Without the pictures, set down every line of the data exactly.

___ Exercise input ___

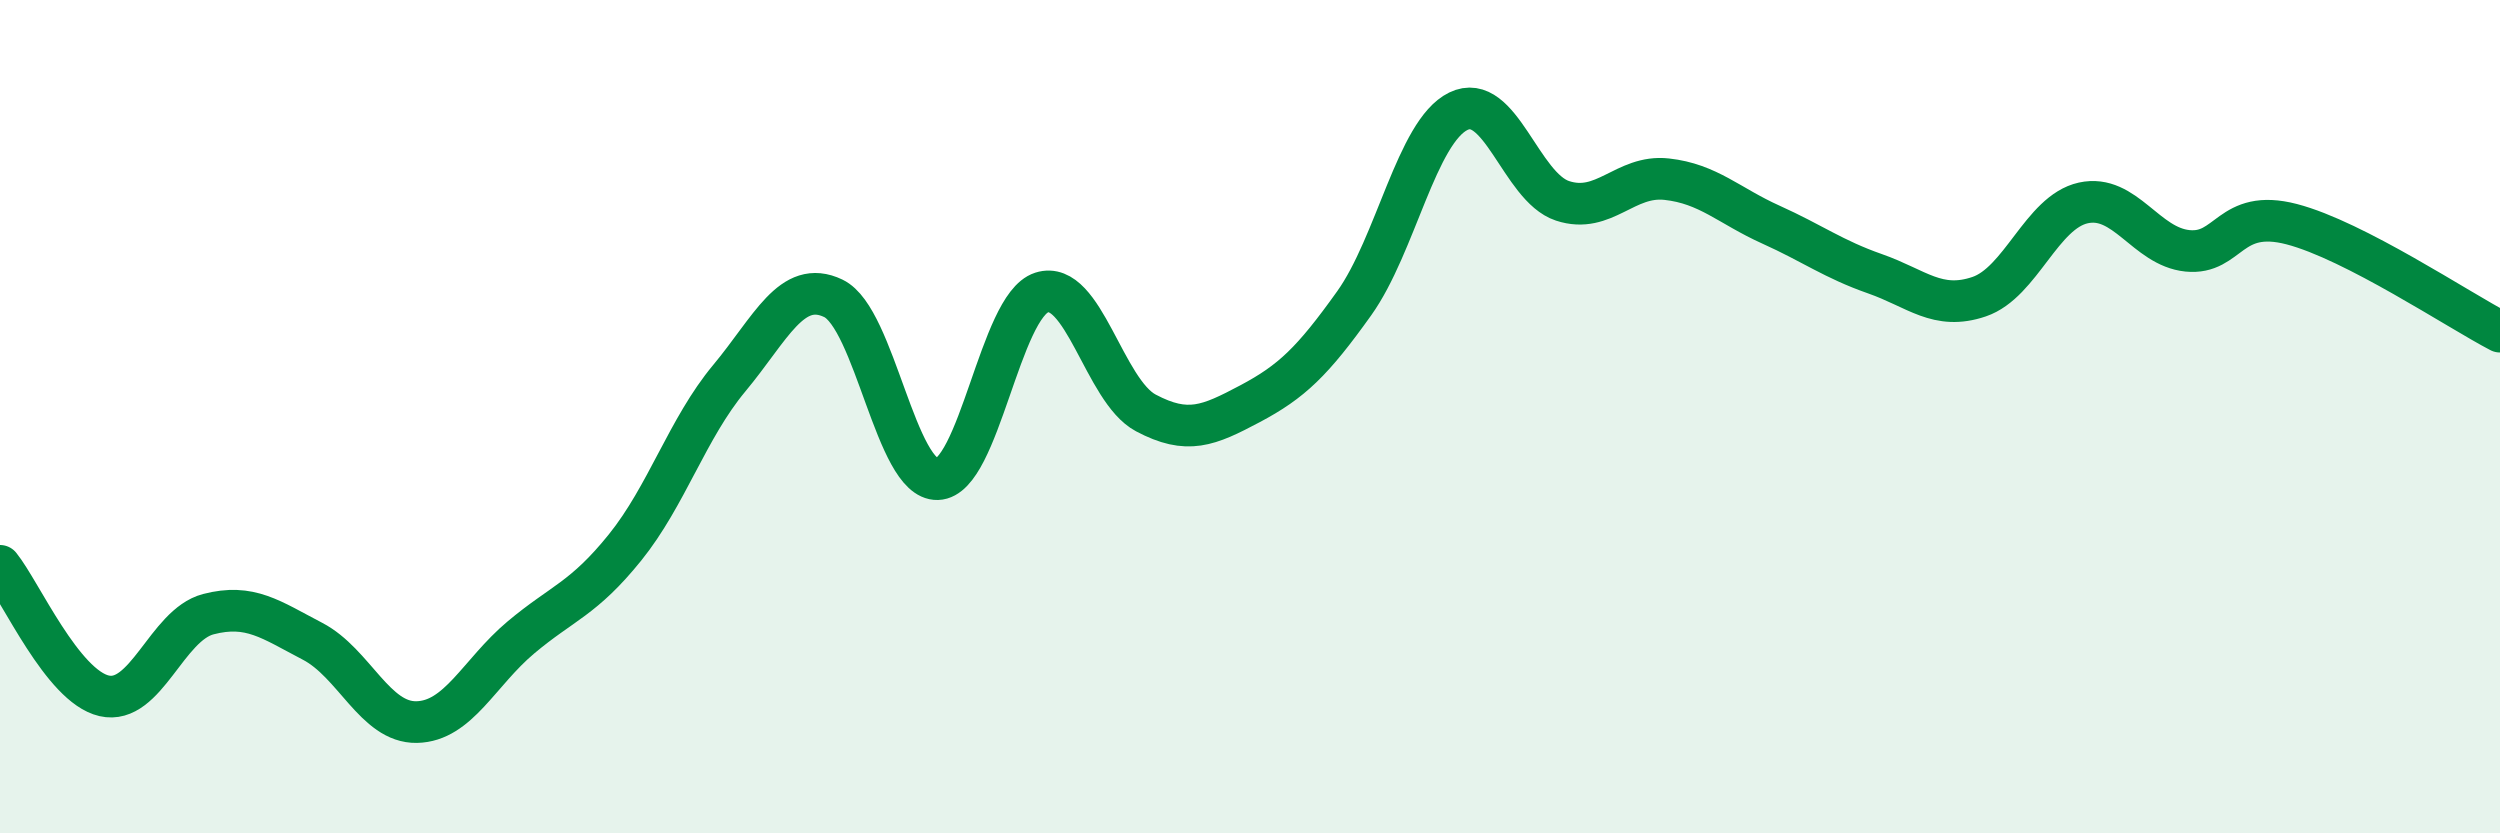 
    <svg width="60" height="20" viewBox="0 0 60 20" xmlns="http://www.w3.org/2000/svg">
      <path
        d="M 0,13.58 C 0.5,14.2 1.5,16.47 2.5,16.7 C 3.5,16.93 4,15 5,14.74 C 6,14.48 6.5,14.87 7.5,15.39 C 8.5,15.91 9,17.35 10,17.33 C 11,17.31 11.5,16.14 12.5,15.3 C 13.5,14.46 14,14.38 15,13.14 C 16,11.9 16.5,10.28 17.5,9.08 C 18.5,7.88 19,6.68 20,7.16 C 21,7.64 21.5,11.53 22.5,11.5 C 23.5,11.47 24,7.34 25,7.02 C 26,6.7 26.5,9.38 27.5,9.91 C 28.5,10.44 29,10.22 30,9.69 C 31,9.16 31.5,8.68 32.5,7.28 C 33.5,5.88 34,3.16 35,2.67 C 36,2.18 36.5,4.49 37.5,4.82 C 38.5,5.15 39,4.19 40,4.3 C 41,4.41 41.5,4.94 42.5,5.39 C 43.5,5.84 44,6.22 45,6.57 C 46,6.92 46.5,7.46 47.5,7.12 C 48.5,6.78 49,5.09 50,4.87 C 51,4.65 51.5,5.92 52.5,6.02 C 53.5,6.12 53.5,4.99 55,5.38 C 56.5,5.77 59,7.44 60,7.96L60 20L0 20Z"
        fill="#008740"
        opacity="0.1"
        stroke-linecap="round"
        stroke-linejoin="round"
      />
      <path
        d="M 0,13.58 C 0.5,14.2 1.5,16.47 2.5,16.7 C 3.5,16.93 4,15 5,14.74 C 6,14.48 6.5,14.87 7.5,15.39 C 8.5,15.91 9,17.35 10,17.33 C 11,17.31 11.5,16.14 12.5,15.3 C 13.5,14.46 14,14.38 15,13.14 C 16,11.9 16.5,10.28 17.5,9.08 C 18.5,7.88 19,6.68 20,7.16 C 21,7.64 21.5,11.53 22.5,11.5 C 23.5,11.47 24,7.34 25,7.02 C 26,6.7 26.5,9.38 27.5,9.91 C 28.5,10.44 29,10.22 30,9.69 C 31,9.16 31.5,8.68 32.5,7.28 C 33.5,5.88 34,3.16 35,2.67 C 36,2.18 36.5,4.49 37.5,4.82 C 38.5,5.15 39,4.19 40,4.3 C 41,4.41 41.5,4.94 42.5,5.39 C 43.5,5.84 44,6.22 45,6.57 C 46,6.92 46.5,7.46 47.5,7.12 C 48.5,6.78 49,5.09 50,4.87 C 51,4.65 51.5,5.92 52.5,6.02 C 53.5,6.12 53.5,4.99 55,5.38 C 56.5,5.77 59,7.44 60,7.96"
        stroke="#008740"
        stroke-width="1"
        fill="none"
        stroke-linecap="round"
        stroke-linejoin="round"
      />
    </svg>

___

→ Solved exercise:
    <svg width="60" height="20" viewBox="0 0 60 20" xmlns="http://www.w3.org/2000/svg">
      <path
        d="M 0,13.58 C 0.5,14.2 1.5,16.47 2.5,16.7 C 3.5,16.93 4,15 5,14.74 C 6,14.48 6.5,14.87 7.5,15.39 C 8.5,15.91 9,17.35 10,17.33 C 11,17.31 11.5,16.14 12.5,15.3 C 13.5,14.46 14,14.38 15,13.14 C 16,11.9 16.5,10.28 17.5,9.08 C 18.5,7.88 19,6.68 20,7.16 C 21,7.64 21.5,11.53 22.5,11.5 C 23.5,11.47 24,7.34 25,7.02 C 26,6.7 26.5,9.38 27.5,9.91 C 28.5,10.44 29,10.22 30,9.69 C 31,9.16 31.5,8.68 32.5,7.28 C 33.5,5.88 34,3.16 35,2.67 C 36,2.18 36.5,4.49 37.5,4.82 C 38.5,5.15 39,4.19 40,4.3 C 41,4.41 41.5,4.94 42.5,5.39 C 43.5,5.84 44,6.22 45,6.57 C 46,6.92 46.5,7.46 47.5,7.12 C 48.5,6.78 49,5.09 50,4.87 C 51,4.65 51.5,5.92 52.5,6.02 C 53.5,6.12 53.5,4.99 55,5.38 C 56.5,5.77 59,7.44 60,7.96L60 20L0 20Z"
        fill="#008740"
        opacity="0.1"
        stroke-linecap="round"
        stroke-linejoin="round"
      />
      <path
        d="M 0,13.58 C 0.5,14.2 1.5,16.47 2.5,16.7 C 3.5,16.93 4,15 5,14.74 C 6,14.48 6.5,14.87 7.5,15.39 C 8.5,15.91 9,17.35 10,17.33 C 11,17.31 11.5,16.14 12.5,15.3 C 13.5,14.46 14,14.38 15,13.14 C 16,11.9 16.5,10.28 17.5,9.08 C 18.5,7.88 19,6.68 20,7.16 C 21,7.64 21.5,11.53 22.5,11.5 C 23.5,11.47 24,7.34 25,7.02 C 26,6.7 26.5,9.38 27.5,9.91 C 28.5,10.44 29,10.22 30,9.69 C 31,9.16 31.5,8.68 32.5,7.28 C 33.5,5.88 34,3.16 35,2.67 C 36,2.18 36.5,4.49 37.5,4.82 C 38.5,5.15 39,4.19 40,4.3 C 41,4.41 41.5,4.94 42.5,5.39 C 43.5,5.84 44,6.22 45,6.57 C 46,6.92 46.5,7.46 47.5,7.12 C 48.5,6.78 49,5.09 50,4.87 C 51,4.65 51.5,5.92 52.5,6.02 C 53.5,6.12 53.5,4.99 55,5.38 C 56.5,5.77 59,7.44 60,7.96"
        stroke="#008740"
        stroke-width="1"
        fill="none"
        stroke-linecap="round"
        stroke-linejoin="round"
      />
    </svg>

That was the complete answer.